SOURCE RECORDS:
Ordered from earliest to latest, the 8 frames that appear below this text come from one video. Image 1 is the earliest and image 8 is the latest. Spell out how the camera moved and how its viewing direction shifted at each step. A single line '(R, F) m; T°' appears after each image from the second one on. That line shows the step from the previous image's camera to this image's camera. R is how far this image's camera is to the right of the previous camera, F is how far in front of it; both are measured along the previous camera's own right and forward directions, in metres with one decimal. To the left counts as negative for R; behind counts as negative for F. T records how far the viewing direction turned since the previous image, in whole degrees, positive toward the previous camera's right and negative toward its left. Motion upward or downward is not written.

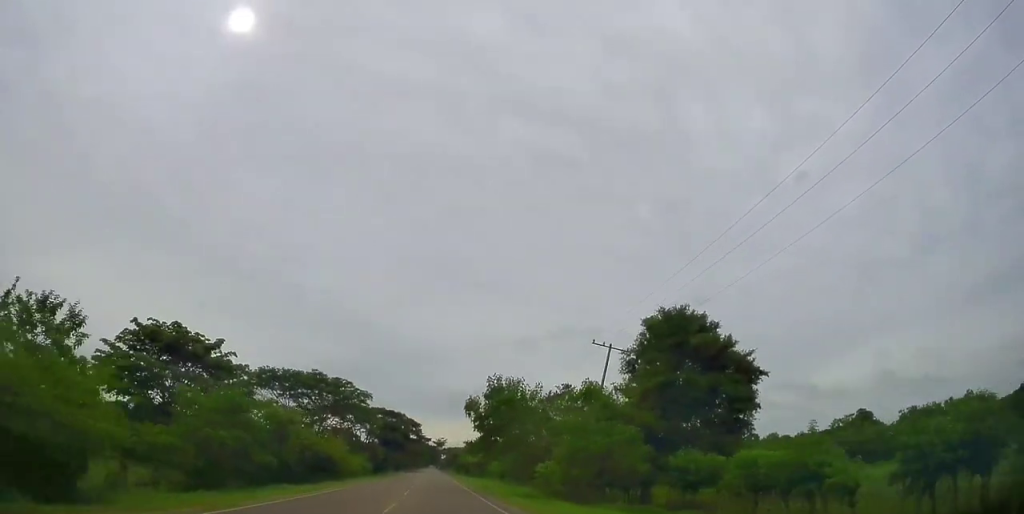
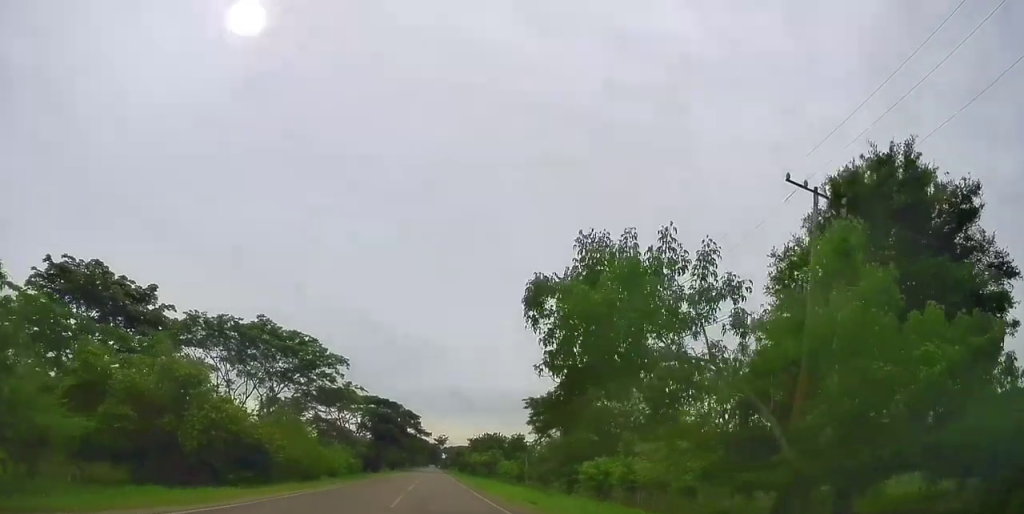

---

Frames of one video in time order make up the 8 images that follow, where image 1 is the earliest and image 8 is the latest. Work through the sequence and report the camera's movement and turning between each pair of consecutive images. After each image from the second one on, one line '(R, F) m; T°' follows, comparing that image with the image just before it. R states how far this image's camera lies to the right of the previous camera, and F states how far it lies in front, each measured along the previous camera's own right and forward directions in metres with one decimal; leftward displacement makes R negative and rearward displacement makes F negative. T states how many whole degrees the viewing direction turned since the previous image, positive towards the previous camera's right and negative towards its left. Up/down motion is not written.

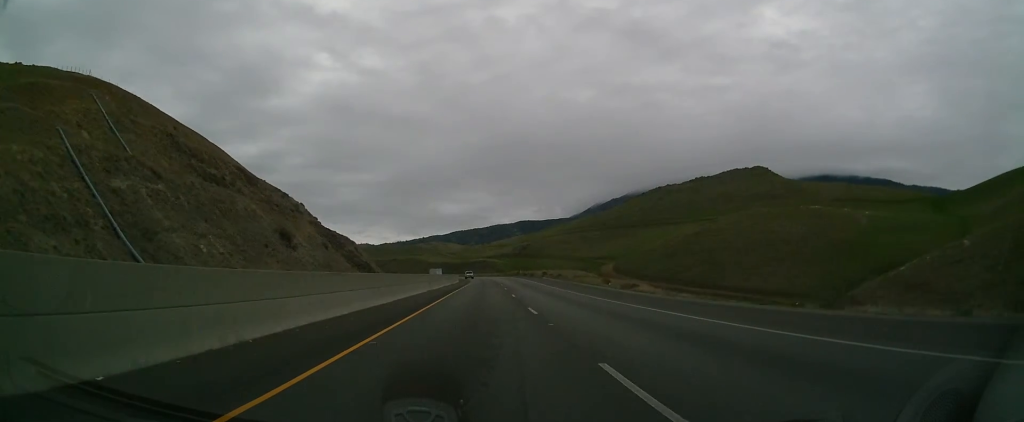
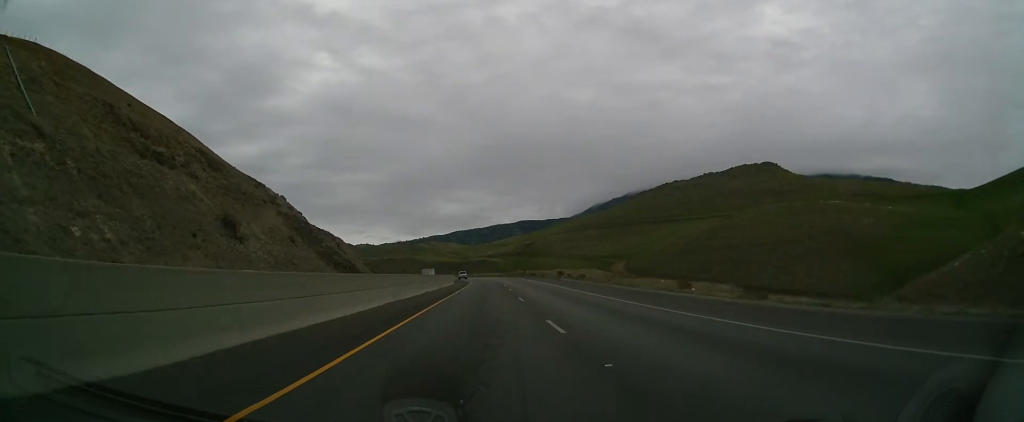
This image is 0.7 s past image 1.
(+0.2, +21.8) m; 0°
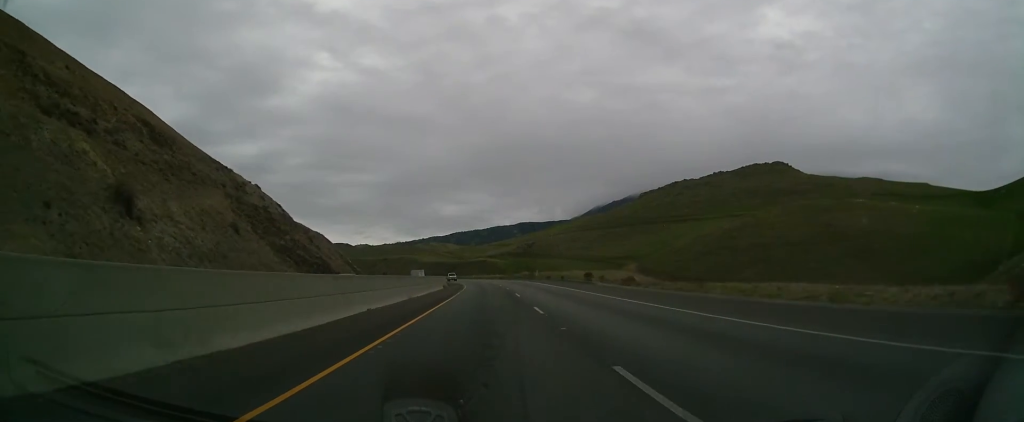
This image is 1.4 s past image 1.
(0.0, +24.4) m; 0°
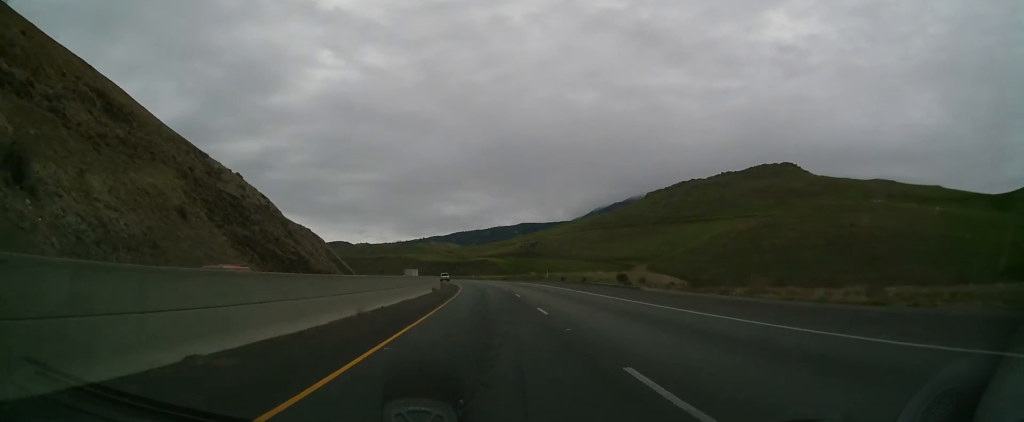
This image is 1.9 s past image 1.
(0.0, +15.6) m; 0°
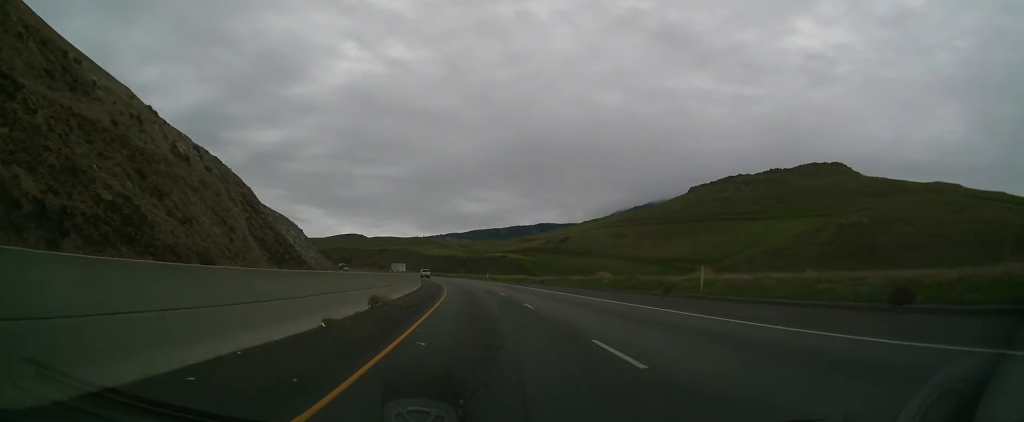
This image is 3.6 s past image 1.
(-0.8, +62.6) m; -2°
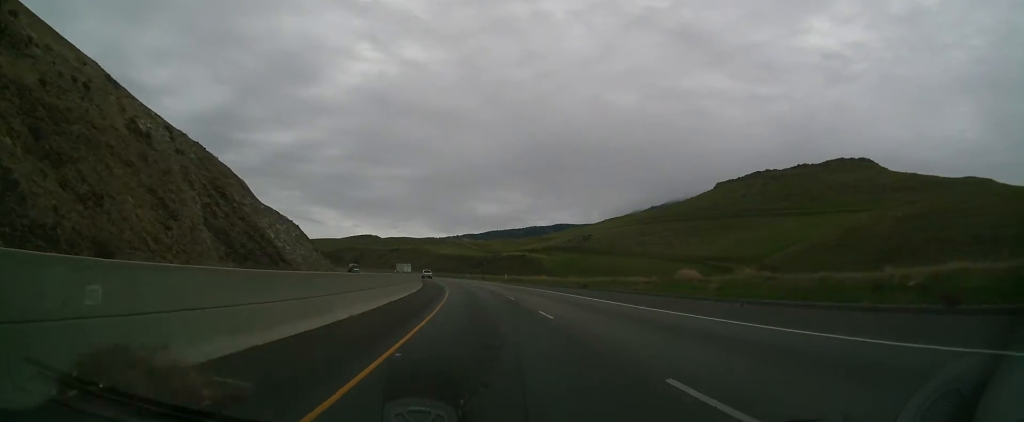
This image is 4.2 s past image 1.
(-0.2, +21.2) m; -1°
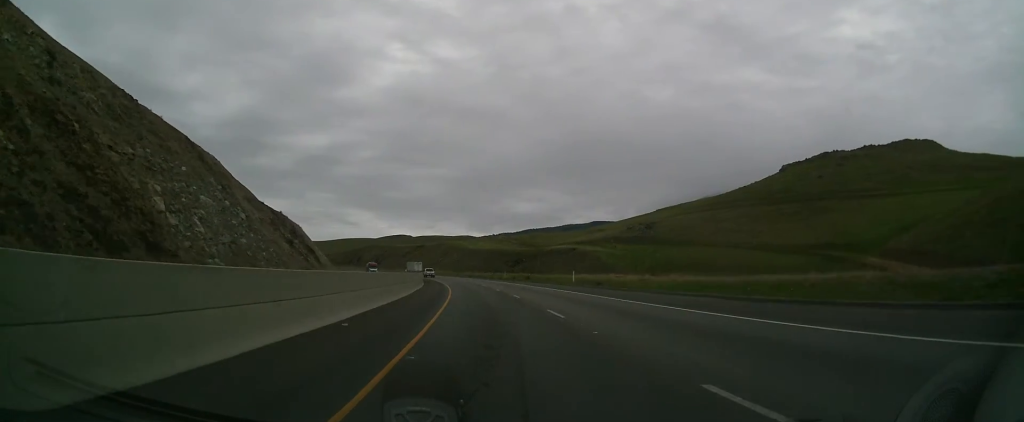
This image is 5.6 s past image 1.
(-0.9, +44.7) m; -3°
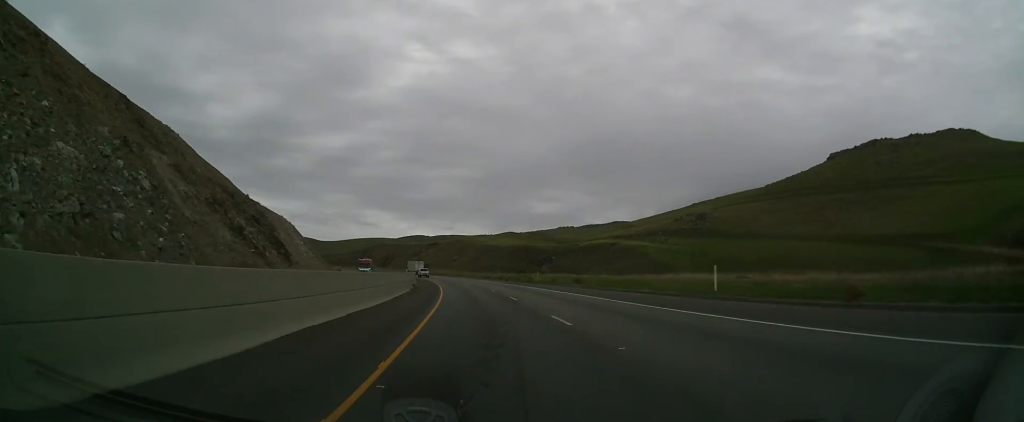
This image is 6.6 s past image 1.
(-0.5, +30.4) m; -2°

WHAT YOU ARE ASKED TO DO:
Lines with the string "earliest": say how many appear in the entries above, giving the number alone.

RESPONSE TO THIS TASK:
2